Three specific films screened at the Toronto Jewish Film Festival last week had segments covering the anti-Nazi efforts within the Hollywood community during WWII.


In Cinema’s Exiles: From Hitler to Hollywood, writer/director Karen Thomas provides a broad but densely packed chronology of the pre-WWII events that forced the massive German-Jewish talent pool to flee into parts of Europe, and for most, eventually settle in the U.S. where many had to virtually start their careers and lives from scratch, having no money, valuables, and a working knowledge of English.


The outbreak of WWII as well as the persecution of European Jews eventually manifested itself in studio films, with Warner Bros. breaking the silence with Confessions of a Nazi Spy (1939). Casablanca (1943) was a more elegant, romantic drama of the refugees seeking safety while passing through the exotic no man’s land of Morocco, but few films actually acknowledged the mass extermination of Jews in Europe.


In Not Idly By: Peter Bergson, America and the Holocaust (2009), director Pierre Sauvage uses Bergson’s voice and images to make the case that the mass media was aware of the slaughter but subjugated its importance within the United States.


One can argue that the lack of front page coverage or massive outrage towards the Nazi regime ensured the movies, the music, and the radio shows coming from Hollywood were evenly tempered, leaving extremists to make the call for action. Among the most aggressive was screenwriter Ben Hecht (His Girl Friday, Nothing Sacred ), a top talent who wrote plays and a choral pageant in 1943 to agitate and provoke Jewish Americans into a reactionary political force. Hecht’s efforts aren’t the focus of Not Idly By, but the archival extracts in Sauvage’s documentary show a group essentially screaming in print and on stage ‘shame on you’ to audiences, in place of the star-studded dramas that, perhaps with the exception of Casablanca, were trite, clichéd, and kitschy.

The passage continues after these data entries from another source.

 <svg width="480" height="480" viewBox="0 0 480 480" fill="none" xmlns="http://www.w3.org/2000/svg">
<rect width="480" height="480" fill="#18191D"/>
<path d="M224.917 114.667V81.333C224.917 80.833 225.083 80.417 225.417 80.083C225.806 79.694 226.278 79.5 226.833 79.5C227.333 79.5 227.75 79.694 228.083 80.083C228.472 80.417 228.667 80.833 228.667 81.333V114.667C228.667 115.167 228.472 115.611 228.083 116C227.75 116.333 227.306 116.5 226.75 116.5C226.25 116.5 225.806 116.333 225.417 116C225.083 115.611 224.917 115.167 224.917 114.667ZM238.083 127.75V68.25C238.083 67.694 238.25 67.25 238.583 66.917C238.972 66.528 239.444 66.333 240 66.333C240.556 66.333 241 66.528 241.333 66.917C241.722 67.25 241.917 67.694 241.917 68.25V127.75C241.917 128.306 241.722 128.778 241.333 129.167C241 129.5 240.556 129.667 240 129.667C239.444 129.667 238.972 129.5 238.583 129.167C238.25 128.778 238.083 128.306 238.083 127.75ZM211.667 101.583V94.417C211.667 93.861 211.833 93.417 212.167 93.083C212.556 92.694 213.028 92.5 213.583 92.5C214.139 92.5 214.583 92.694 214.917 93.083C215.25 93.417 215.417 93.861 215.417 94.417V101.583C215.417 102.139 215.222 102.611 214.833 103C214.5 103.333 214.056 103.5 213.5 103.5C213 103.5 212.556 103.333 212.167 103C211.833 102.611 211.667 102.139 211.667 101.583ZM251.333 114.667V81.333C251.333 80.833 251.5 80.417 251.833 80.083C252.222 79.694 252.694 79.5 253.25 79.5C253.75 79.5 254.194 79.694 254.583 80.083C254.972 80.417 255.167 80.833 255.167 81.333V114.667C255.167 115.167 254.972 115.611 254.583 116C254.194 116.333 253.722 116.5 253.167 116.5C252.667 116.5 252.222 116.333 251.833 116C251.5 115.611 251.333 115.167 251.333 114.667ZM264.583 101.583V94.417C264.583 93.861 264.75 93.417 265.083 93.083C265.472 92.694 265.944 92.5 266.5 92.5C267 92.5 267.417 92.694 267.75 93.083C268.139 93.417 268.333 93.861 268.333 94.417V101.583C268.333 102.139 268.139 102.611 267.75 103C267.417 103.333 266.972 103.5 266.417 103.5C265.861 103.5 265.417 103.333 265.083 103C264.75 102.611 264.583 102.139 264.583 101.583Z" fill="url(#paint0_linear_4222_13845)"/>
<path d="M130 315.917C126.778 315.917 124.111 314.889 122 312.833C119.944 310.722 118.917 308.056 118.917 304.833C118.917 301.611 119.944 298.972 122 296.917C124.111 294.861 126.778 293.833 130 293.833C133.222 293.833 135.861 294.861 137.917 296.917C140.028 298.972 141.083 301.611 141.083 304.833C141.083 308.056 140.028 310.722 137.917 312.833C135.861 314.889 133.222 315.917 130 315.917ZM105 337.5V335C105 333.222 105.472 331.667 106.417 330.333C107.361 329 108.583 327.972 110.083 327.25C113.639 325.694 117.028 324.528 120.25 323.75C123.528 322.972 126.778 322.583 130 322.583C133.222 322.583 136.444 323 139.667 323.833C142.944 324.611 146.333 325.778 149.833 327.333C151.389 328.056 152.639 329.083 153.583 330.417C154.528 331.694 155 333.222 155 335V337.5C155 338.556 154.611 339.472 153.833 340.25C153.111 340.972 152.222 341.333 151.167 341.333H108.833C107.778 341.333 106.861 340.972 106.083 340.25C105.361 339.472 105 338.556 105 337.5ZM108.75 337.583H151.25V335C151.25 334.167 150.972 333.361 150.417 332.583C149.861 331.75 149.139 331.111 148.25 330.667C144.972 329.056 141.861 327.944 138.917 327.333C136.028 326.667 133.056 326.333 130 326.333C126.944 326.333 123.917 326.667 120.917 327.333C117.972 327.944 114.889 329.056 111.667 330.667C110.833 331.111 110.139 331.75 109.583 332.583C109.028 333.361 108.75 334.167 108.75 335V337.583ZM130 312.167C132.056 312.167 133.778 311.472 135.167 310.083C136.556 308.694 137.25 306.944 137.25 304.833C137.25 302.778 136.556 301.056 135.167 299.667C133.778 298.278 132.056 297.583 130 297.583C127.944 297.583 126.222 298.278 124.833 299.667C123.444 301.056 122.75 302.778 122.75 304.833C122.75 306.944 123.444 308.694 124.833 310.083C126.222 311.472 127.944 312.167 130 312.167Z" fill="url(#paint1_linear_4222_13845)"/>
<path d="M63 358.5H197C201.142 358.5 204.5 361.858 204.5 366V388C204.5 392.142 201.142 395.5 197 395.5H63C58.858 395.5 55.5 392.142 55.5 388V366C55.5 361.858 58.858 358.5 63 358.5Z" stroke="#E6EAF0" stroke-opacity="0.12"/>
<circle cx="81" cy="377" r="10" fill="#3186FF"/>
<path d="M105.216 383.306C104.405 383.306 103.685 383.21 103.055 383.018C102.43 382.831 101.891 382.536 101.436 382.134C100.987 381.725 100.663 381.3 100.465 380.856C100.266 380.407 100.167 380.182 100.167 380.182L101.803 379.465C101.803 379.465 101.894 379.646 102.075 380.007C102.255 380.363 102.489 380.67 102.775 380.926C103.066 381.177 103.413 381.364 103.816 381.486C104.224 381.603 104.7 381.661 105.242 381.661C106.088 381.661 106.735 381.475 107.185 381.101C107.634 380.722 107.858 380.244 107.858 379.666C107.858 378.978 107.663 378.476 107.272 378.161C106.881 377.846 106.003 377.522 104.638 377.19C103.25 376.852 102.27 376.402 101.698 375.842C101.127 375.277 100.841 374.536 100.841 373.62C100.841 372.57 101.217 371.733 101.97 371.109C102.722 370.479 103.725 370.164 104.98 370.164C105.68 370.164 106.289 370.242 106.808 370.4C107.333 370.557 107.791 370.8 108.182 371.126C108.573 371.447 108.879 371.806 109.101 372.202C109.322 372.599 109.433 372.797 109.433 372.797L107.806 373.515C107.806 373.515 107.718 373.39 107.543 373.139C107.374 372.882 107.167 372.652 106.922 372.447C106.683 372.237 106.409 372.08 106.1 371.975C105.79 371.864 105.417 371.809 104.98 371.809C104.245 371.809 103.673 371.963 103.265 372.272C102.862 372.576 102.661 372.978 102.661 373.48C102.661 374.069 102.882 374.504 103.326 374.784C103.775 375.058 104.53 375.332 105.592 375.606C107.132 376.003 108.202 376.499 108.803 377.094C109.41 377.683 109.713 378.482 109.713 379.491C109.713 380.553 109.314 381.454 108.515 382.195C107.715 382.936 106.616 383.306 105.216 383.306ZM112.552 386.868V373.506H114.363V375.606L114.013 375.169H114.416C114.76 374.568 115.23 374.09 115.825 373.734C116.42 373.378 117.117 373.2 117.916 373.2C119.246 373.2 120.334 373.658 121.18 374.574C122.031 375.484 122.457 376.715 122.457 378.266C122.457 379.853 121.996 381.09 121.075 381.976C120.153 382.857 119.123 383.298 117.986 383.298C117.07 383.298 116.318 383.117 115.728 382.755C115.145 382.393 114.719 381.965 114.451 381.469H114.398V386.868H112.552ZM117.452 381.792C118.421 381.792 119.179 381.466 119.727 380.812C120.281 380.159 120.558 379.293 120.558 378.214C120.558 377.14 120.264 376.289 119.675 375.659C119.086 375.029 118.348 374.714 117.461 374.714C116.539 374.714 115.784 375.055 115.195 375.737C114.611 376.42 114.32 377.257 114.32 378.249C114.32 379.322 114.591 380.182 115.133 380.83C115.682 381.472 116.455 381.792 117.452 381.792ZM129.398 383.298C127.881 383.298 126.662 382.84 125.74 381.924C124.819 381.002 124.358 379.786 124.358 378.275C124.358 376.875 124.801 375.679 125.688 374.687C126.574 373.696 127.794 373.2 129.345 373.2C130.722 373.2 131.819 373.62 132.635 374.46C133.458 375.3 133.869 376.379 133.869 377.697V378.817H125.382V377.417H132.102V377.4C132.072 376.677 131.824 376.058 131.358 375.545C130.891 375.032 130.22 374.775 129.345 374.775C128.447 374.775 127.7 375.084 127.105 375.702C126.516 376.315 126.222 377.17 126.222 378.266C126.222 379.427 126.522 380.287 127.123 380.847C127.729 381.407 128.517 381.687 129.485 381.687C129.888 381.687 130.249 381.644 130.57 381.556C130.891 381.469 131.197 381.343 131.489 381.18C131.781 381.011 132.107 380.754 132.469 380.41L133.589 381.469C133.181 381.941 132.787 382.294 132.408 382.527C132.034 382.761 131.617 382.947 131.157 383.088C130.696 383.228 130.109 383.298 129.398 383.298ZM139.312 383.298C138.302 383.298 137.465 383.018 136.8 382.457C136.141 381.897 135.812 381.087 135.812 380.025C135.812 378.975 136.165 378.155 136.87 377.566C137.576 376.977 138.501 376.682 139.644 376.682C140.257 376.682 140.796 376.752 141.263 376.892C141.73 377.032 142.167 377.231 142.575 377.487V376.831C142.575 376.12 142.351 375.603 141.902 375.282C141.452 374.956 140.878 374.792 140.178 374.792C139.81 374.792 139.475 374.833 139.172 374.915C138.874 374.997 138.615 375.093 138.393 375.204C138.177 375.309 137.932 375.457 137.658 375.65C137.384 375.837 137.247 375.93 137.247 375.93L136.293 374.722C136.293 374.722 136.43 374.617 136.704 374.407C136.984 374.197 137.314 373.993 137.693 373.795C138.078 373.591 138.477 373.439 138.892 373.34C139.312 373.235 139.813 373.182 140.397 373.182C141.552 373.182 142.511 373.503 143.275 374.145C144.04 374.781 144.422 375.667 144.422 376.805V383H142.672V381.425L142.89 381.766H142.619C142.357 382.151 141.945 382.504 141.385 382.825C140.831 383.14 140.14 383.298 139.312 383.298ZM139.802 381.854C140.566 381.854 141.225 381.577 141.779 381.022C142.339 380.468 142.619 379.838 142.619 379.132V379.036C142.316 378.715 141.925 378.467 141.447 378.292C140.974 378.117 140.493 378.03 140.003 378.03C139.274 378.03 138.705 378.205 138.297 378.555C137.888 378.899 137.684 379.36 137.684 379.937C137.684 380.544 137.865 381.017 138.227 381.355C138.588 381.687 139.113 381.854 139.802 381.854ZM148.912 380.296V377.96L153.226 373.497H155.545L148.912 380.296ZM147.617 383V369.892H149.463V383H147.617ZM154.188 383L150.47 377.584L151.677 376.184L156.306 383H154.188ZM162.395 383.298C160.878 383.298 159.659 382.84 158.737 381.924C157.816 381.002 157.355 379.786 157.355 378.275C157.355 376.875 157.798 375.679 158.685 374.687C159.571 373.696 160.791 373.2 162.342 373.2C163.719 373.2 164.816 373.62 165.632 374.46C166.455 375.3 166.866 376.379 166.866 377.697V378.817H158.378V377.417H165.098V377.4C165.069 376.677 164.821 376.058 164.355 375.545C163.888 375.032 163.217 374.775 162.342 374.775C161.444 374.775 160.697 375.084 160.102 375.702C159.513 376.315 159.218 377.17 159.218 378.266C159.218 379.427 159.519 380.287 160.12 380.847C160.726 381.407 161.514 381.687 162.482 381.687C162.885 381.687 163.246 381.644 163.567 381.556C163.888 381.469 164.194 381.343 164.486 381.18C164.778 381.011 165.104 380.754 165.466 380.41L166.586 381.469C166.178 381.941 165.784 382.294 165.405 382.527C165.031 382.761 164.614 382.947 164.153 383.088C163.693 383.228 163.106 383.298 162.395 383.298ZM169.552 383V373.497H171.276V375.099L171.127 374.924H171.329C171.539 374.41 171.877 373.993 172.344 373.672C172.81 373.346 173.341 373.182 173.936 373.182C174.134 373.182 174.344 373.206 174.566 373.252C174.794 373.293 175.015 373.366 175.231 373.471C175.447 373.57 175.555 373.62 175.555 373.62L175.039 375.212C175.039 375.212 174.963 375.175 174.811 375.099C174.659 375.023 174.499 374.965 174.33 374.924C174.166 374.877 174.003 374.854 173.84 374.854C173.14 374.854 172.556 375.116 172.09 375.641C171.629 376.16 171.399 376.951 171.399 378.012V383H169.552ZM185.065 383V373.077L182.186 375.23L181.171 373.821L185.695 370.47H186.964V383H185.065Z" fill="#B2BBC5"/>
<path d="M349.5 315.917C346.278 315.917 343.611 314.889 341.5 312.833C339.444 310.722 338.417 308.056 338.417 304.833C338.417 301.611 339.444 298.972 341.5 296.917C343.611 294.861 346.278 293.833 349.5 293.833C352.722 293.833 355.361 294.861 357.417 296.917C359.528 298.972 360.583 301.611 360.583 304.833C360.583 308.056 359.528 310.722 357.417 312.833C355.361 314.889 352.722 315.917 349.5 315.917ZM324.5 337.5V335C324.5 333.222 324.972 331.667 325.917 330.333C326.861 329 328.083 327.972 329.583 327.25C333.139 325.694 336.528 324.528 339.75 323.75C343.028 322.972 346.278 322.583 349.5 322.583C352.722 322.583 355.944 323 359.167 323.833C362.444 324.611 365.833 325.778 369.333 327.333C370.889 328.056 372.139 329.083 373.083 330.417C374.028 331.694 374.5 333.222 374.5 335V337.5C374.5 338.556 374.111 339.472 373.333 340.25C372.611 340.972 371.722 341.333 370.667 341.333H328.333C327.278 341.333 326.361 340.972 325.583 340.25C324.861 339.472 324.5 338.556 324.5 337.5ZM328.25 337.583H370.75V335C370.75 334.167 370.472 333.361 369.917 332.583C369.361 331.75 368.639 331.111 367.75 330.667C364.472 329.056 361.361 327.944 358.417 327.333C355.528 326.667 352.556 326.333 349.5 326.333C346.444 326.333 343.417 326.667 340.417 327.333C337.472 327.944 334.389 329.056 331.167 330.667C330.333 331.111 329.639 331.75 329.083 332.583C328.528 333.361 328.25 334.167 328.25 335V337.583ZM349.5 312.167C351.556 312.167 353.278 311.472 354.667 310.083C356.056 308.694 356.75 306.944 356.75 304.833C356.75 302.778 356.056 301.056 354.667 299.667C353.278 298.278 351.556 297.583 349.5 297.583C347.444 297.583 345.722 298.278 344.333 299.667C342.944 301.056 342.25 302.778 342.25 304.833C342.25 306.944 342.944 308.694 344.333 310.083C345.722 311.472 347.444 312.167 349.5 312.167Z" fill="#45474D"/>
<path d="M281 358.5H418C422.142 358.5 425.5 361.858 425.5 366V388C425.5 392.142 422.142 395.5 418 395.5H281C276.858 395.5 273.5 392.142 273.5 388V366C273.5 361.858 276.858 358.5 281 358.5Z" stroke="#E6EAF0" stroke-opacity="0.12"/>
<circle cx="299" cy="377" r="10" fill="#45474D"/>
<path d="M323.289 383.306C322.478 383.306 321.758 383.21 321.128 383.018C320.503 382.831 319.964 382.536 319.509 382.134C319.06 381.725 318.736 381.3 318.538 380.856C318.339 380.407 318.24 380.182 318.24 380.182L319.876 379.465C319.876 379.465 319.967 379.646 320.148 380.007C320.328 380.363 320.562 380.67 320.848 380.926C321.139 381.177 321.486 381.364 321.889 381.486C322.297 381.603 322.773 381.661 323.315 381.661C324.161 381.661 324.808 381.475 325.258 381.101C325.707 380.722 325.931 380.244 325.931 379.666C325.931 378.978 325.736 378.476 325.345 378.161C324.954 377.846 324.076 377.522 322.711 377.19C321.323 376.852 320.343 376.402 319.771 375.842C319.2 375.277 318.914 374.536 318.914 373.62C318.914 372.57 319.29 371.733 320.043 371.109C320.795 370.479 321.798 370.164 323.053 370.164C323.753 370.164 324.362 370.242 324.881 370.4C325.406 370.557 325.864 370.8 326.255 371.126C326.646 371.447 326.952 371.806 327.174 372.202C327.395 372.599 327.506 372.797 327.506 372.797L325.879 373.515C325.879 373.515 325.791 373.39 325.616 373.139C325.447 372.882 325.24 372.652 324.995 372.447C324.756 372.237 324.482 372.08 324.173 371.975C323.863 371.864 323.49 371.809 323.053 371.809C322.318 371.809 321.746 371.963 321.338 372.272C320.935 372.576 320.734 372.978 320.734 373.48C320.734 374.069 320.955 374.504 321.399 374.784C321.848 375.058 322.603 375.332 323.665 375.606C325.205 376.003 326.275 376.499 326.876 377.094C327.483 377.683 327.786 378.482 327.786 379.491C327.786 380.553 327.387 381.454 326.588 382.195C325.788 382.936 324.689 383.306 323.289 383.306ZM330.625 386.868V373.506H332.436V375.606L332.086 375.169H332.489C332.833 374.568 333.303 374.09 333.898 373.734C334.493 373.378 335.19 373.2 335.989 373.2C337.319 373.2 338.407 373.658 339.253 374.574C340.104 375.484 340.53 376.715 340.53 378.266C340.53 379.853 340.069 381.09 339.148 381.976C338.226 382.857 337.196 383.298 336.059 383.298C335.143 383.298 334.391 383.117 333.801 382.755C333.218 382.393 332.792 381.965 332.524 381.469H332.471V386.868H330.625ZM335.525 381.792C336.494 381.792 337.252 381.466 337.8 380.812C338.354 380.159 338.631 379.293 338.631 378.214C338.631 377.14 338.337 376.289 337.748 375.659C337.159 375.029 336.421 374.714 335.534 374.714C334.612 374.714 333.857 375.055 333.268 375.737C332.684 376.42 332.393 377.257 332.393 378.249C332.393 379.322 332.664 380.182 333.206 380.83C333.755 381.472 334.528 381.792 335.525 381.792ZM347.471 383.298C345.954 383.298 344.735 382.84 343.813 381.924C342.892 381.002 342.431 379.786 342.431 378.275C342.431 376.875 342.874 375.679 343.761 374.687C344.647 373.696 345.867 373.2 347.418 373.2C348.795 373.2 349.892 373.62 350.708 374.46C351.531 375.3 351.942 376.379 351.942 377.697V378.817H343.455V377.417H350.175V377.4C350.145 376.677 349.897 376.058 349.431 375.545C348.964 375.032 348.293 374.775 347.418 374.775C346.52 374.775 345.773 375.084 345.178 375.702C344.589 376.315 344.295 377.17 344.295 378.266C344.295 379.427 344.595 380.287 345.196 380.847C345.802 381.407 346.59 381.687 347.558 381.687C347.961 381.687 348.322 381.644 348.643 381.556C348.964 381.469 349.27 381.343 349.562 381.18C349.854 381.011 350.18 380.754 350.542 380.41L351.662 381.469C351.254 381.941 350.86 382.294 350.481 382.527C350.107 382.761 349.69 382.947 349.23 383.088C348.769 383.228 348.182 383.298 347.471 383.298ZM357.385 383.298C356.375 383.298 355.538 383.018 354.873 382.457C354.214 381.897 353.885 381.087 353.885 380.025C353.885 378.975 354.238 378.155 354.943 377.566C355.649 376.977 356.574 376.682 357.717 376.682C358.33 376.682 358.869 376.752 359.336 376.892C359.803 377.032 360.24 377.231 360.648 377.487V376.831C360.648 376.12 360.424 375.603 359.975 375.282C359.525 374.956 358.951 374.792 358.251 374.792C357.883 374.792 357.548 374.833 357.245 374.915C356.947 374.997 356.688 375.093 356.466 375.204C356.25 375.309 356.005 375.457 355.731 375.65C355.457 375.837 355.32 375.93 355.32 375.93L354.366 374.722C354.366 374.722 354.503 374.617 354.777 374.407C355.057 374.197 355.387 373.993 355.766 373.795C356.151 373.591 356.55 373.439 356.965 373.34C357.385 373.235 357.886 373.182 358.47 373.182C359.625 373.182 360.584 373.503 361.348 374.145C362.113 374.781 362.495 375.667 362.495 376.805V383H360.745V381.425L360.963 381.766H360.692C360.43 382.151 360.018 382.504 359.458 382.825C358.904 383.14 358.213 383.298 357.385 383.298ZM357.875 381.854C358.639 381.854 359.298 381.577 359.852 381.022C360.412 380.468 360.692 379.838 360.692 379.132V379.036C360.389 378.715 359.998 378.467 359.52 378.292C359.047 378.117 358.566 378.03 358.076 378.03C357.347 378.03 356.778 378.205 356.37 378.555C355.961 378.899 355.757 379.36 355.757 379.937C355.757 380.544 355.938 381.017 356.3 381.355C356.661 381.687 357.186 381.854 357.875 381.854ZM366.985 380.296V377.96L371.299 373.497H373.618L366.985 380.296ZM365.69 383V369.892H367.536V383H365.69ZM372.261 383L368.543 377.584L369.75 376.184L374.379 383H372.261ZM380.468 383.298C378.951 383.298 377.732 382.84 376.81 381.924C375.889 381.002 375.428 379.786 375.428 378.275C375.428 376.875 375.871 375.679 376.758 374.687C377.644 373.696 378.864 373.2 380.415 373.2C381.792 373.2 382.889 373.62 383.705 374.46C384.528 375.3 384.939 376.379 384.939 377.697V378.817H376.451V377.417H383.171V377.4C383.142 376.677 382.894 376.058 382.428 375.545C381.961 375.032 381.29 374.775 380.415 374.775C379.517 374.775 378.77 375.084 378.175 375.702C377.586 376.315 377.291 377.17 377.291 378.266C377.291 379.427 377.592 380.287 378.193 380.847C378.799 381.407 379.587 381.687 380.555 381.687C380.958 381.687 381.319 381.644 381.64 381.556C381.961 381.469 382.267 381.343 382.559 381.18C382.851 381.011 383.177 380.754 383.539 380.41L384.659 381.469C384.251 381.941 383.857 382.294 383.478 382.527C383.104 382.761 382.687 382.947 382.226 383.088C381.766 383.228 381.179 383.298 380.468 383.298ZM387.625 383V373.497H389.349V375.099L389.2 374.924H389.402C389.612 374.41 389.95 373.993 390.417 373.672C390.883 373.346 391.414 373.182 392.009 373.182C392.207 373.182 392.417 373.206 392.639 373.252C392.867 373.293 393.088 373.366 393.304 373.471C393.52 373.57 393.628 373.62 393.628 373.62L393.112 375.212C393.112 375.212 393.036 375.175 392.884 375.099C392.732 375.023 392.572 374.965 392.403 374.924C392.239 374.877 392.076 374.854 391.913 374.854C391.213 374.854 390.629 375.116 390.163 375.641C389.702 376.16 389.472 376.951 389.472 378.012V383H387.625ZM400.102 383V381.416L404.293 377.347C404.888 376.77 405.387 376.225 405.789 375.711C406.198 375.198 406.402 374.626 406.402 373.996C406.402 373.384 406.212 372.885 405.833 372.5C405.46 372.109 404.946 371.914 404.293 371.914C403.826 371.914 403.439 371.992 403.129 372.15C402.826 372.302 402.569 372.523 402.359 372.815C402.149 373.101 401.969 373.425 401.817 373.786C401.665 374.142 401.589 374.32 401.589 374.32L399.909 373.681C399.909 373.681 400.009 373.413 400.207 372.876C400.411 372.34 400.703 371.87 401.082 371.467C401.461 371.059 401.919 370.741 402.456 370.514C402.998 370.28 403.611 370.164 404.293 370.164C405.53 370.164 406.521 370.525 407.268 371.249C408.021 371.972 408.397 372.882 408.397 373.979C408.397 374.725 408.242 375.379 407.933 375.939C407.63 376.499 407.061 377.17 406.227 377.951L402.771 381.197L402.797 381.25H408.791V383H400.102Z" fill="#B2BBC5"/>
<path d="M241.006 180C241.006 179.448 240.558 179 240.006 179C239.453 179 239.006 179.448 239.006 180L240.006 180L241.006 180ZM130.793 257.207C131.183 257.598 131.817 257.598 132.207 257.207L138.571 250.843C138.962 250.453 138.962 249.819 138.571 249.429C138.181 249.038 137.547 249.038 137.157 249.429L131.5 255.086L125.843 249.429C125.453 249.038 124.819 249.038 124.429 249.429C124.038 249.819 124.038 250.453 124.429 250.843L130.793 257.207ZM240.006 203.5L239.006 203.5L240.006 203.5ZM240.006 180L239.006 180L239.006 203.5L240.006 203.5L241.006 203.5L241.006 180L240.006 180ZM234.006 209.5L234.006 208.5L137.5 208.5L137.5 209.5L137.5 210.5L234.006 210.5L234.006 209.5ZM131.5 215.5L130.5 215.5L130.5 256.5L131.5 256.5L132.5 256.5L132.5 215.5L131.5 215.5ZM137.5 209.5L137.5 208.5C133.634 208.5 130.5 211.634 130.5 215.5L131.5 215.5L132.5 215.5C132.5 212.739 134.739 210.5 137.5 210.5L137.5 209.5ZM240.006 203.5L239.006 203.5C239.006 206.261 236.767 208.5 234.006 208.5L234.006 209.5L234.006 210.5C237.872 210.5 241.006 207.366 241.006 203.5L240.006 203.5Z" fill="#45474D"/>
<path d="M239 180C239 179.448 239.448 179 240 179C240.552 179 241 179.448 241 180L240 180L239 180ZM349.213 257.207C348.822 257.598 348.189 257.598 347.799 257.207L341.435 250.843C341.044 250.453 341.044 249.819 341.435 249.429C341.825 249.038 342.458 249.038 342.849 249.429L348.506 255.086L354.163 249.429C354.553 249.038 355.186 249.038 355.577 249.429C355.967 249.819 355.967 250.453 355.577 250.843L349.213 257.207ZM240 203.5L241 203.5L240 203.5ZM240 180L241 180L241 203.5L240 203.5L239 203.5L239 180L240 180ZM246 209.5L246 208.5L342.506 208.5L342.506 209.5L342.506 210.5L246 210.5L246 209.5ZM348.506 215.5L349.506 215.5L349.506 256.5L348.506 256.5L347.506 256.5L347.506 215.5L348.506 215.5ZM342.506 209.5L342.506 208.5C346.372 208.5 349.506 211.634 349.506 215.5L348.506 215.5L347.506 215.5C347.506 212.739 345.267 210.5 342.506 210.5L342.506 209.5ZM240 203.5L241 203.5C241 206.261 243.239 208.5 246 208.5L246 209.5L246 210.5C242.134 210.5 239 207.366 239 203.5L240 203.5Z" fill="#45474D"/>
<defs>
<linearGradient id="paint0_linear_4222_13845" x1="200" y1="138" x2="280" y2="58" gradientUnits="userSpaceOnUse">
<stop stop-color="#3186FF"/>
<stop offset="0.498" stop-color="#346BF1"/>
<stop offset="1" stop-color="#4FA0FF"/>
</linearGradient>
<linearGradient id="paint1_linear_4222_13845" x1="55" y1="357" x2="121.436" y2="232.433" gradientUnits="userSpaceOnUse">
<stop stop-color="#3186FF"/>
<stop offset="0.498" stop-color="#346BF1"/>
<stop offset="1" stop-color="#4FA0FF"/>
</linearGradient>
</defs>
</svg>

If Sauvage’s film captures the outrage as filtered through the views of Bergson alone, Thomas’ doc uses anecdotes and recollections from diverse levels of the ex-German film community as they struggled with the issues Bergson likely felt were inconsequential compared to an ongoing Holocaust; economic uncertainty, career changes, culture shock, fractured families, and the process of rebuilding lives after the end of WWII were everyday struggles for the refugees, in addition to the loss of loved ones in Europe.


That sense of helplessness is apparent in Thomas’ film, and the only support network for the refugees came from a small section of the Hollywood community (included newly settled refugees Like Marlene Dietrcht, Erich Pommer, and Paul Kohner) who offered food, funds, small work, and emotional support while the industry town cranked out propaganda designed to support the national troops and allies rather than deal with mass extermination.


Cass Warner’s documentary, The Brothers Warner (2008), is a personal discovery of the brothers who built the family business – Warner Bros. – but the chapter on WWII indirectly shows brother Harry’s struggle to ‘sneak in’ social messages in the films from an otherwise commercial business. Confessions of a Nazi Spy was an overt anti-Nazi statement by a corporation who refused to do business in Nazi Germany during the war, but it’s also a hot-button film with a teasingly provocative title that infers pulp magazine thrills to lure the broadest possible audience.


There are major tonal differences in each of three documentaries (no to mention their distinctive primary subjects – exiles, a Revisionist Zionist, and the founders of a Hollywood studio), but collectively they provide glimpses into the corporate, social, and political forces in Hollywood as the Nazis rose to power, forced some of their best filmmakers to flee Europe, and the industry town of Hollywood, whose mandate was to entertain, but was confronted with conflicts abroad, and at home.